Yea I don't know why bears get so big around Nc coastal region, I suspect when Ga,s southern bear population get as big as the coastal Nc population, will probably see the same thing, the habitat is very similar,Ga will be seeing some big bears in the next few years I would suspect, even in places they havnt been in a long time, Ga, bear population is growing fast, even in the middle part of the state, maybe Ga will have a state wide season in the near future.


----------



## Paint Brush (Aug 31, 2013)

cklem said:


> Yea I don't know why bears get so big around Nc coastal region, I suspect when Ga,s southern bear population get as big as the coastal Nc population, will probably see the same thing, the habitat is very similar,Ga will be seeing some big bears in the next few years I would suspect, even in places they havnt been in a long time, Ga, bear population is growing fast, even in the middle part of the state, maybe Ga will have a state wide season in the near future.

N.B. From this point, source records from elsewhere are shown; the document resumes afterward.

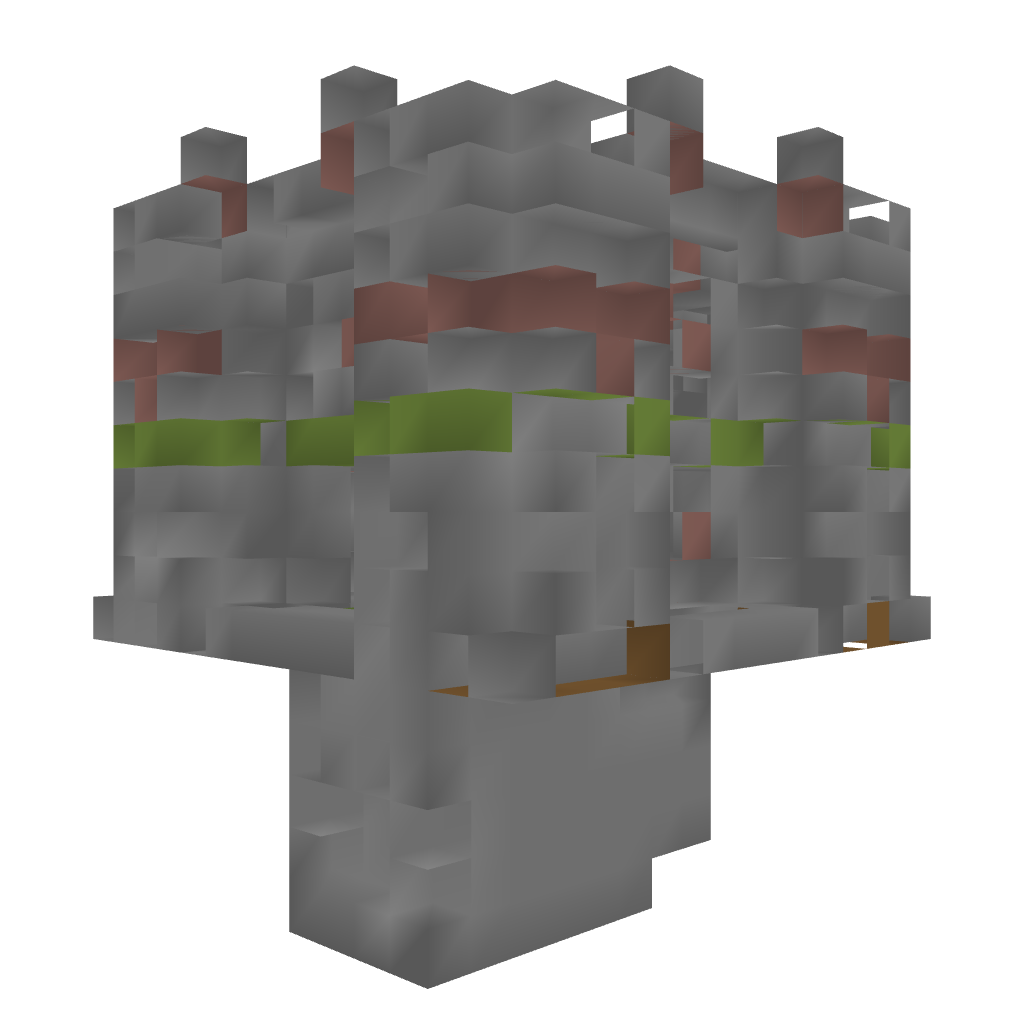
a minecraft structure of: PvP Tower [Green] 13 blocks high 1 line of green blocks in the middle of the structure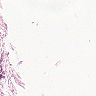
Metastatic tissue present: no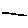
Label: line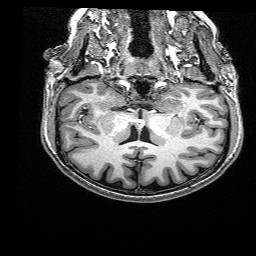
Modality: T1w
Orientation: sagittal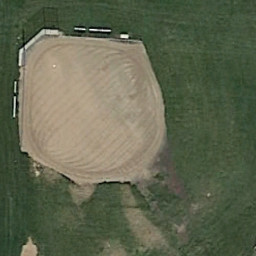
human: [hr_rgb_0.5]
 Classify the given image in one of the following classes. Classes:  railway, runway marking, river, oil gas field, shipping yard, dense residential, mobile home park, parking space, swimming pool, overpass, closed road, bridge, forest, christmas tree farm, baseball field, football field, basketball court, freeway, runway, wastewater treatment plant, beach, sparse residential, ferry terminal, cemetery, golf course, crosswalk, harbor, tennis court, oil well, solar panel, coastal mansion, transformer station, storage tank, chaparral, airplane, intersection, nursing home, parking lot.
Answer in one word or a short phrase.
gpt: baseball field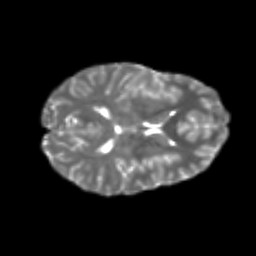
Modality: T2w
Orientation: axial
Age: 22
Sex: female
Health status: healthy
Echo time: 0.074 s
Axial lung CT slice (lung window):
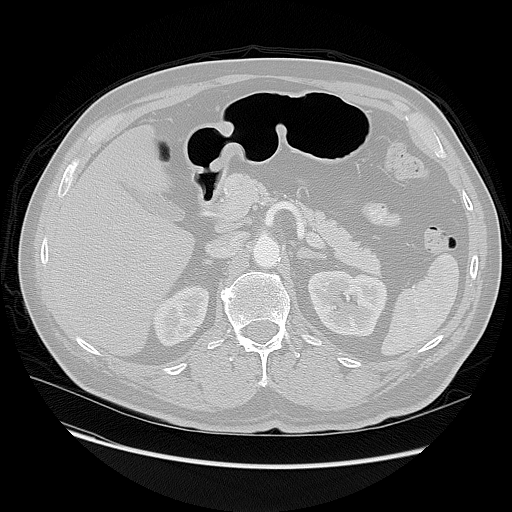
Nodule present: no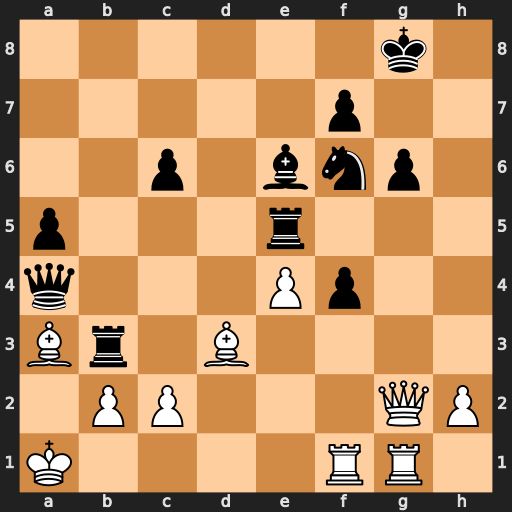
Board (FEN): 6k1/5p2/2p1bnp1/p3r3/q3Pp2/Br1B4/1PP3QP/K4RR1
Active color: w
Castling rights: -
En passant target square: -
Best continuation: cxb3 Qxb3 Bb1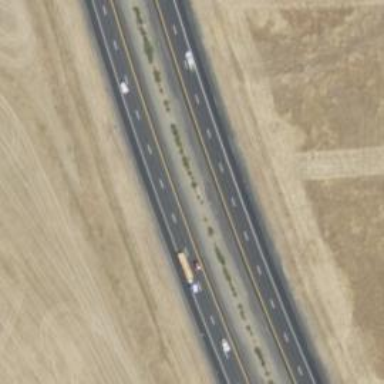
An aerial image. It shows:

  A bear over 300 is not as scarce as hens teeth but will run a close second. I consider 300 to be called a biggun and can only say ive seen 3 while in the woods hunting. On the other hand I have seen several boars in the 200 to 250 range.  Every 100lb you go over 3 they get even rarer. The one on the back of the roll back was most likely the one I saw cross the road last august just above where the road goes into swallow creek wma. He ran across in front of a Toyota pickup and his back was almost as tall as the hood. The guy in the pickup came to a complete stop to keep from hitting him. Bears this big are old old bears,10 to 15 yrs old.  
  One reason the coast of NC has such big heavy weights is they never hibernate or lay up in cold weather like they do here. Also an endless food supply helps to. Our bears gorge on the mast crop while it is plentiful then slack off moving when the acorns get scarce. If they keep moving they burn off the fat that they spent all fall putting on.
  Back to the state wide season let DNR keep waiting around on it, one morning they are gona wake up and every one south of Atlanta will have one on the back porch in the trash, or the cat food.
  ECKLEM you better bring that cur in at nite Smokey might have him for supper.


----------



## The mtn man (Sep 1, 2013)

Paint Brush said:


> A bear over 300 is not as scarce as hens teeth but will run a close second. I consider 300 to be called a biggun and can only say ive seen 3 while in the woods hunting. On the other hand I have seen several boars in the 200 to 250 range.  Every 100lb you go over 3 they get even rarer. The one on the back of the roll back was most likely the one I saw cross the road last august just above where the road goes into swallow creek wma. He ran across in front of a Toyota pickup and his back was almost as tall as the hood. The guy in the pickup came to a complete stop to keep from hitting him. Bears this big are old old bears,10 to 15 yrs old.
> One reason the coast of NC has such big heavy weights is they never hibernate or lay up in cold weather like they do here. Also an endless food supply helps to. Our bears gorge on the mast crop while it is plentiful then slack off moving when the acorns get scarce. If they keep moving they burn off the fat that they spent all fall putting on.
> Back to the state wide season let DNR keep waiting around on it, one morning they are gona wake up and every one south of Atlanta will have one on the back porch in the trash, or the cat food.
> ECKLEM you better bring that cur in at nite Smokey might have him for supper.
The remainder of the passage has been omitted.